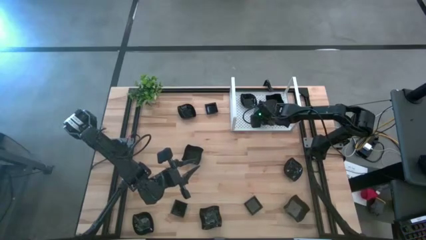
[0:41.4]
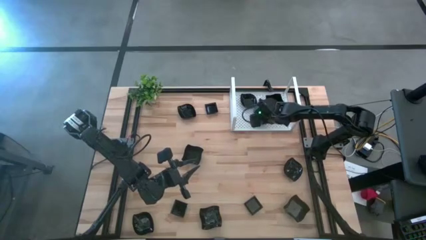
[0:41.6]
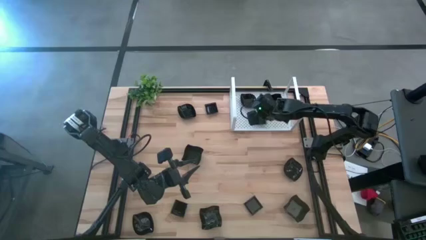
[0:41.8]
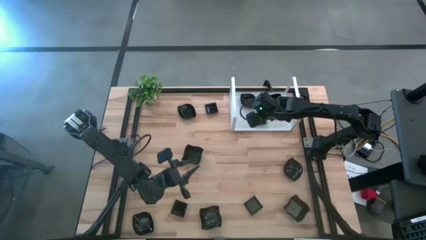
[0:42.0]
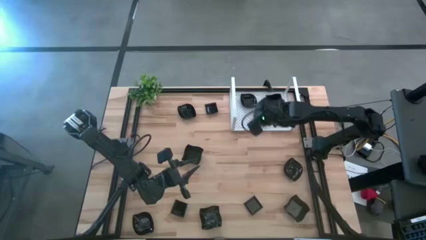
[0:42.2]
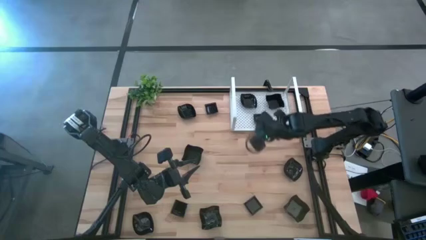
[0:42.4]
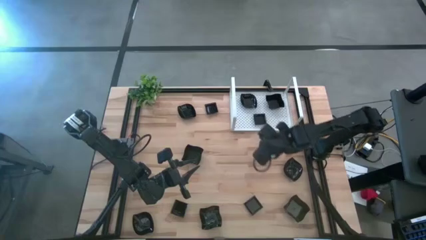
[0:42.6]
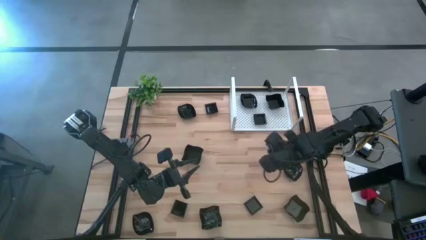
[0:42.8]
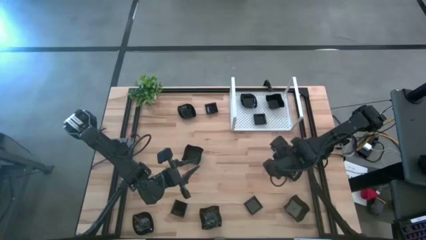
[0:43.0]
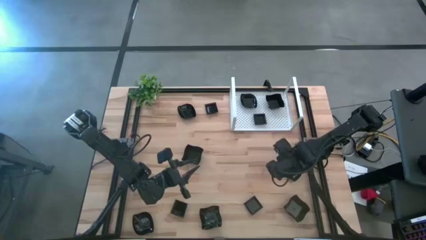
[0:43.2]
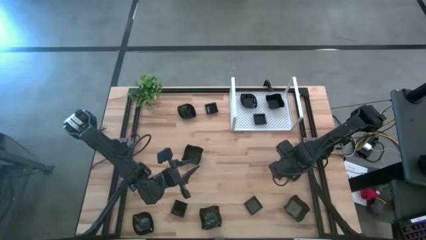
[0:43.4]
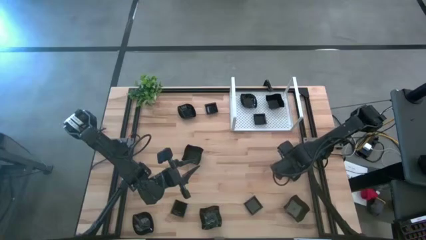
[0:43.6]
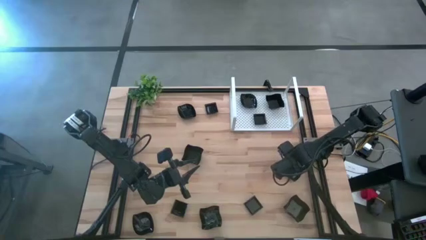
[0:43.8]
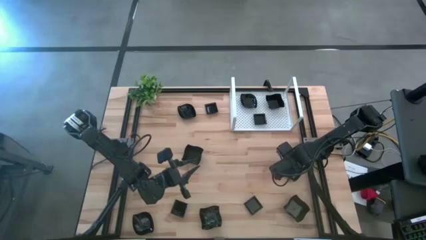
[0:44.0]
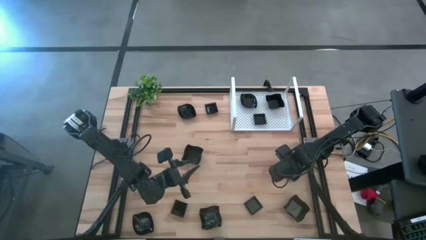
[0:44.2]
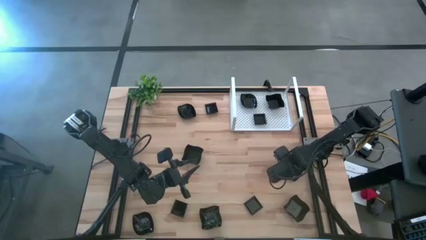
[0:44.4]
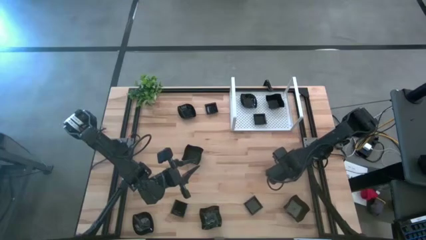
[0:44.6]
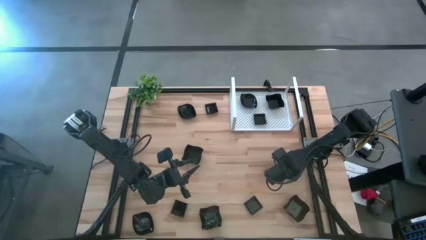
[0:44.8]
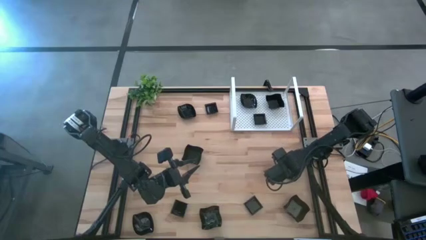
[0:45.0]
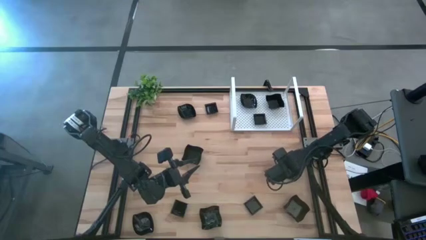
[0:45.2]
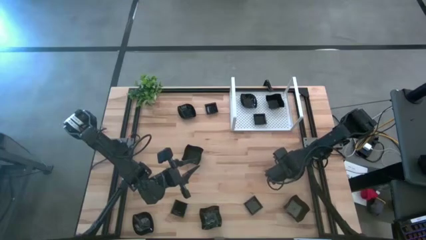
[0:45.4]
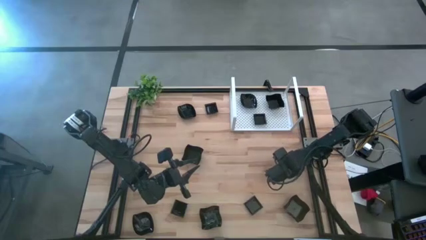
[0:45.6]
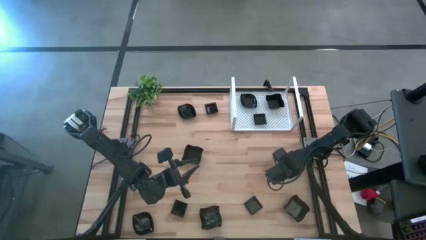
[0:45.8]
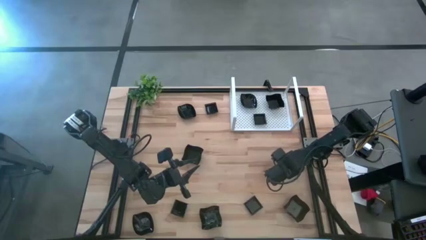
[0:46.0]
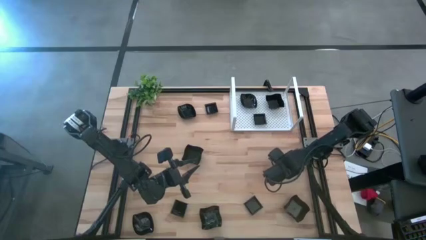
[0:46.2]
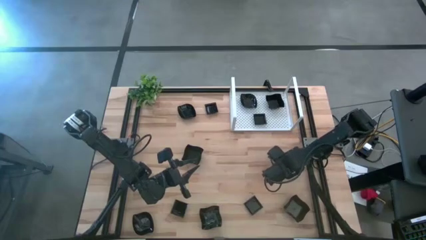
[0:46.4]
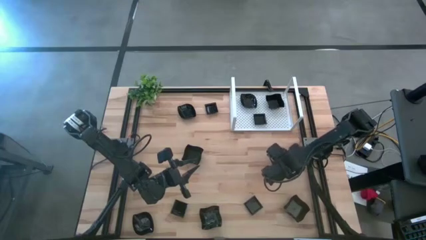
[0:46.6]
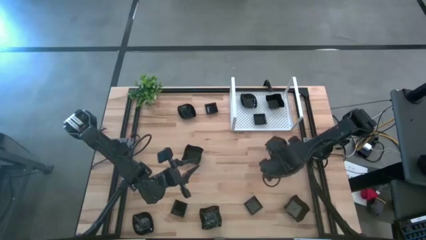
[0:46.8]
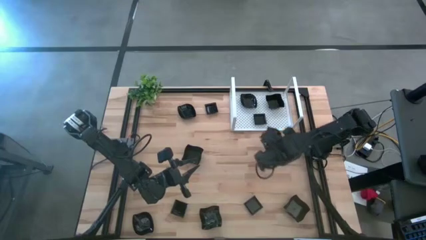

◆ ◆ ◆ ◆

EXERCISE REQUIREMENTS>
Output every record exactly, minus the pictures.

OUTPUT FOR THIS EXERCISE>
[0:41.4]
[0:41.6]
[0:41.8]
[0:42.0]
[0:42.2]
[0:42.4]
[0:42.6]
[0:42.8]
[0:43.0]
[0:43.2]
[0:43.4]
[0:43.6]
[0:43.8]
[0:44.0]
[0:44.2]
[0:44.4]
[0:44.6]
[0:44.8]
[0:45.0]
[0:45.2]
[0:45.4]
[0:45.6]
[0:45.8]
[0:46.0]
[0:46.2]
[0:46.4]
[0:46.6]
[0:46.8]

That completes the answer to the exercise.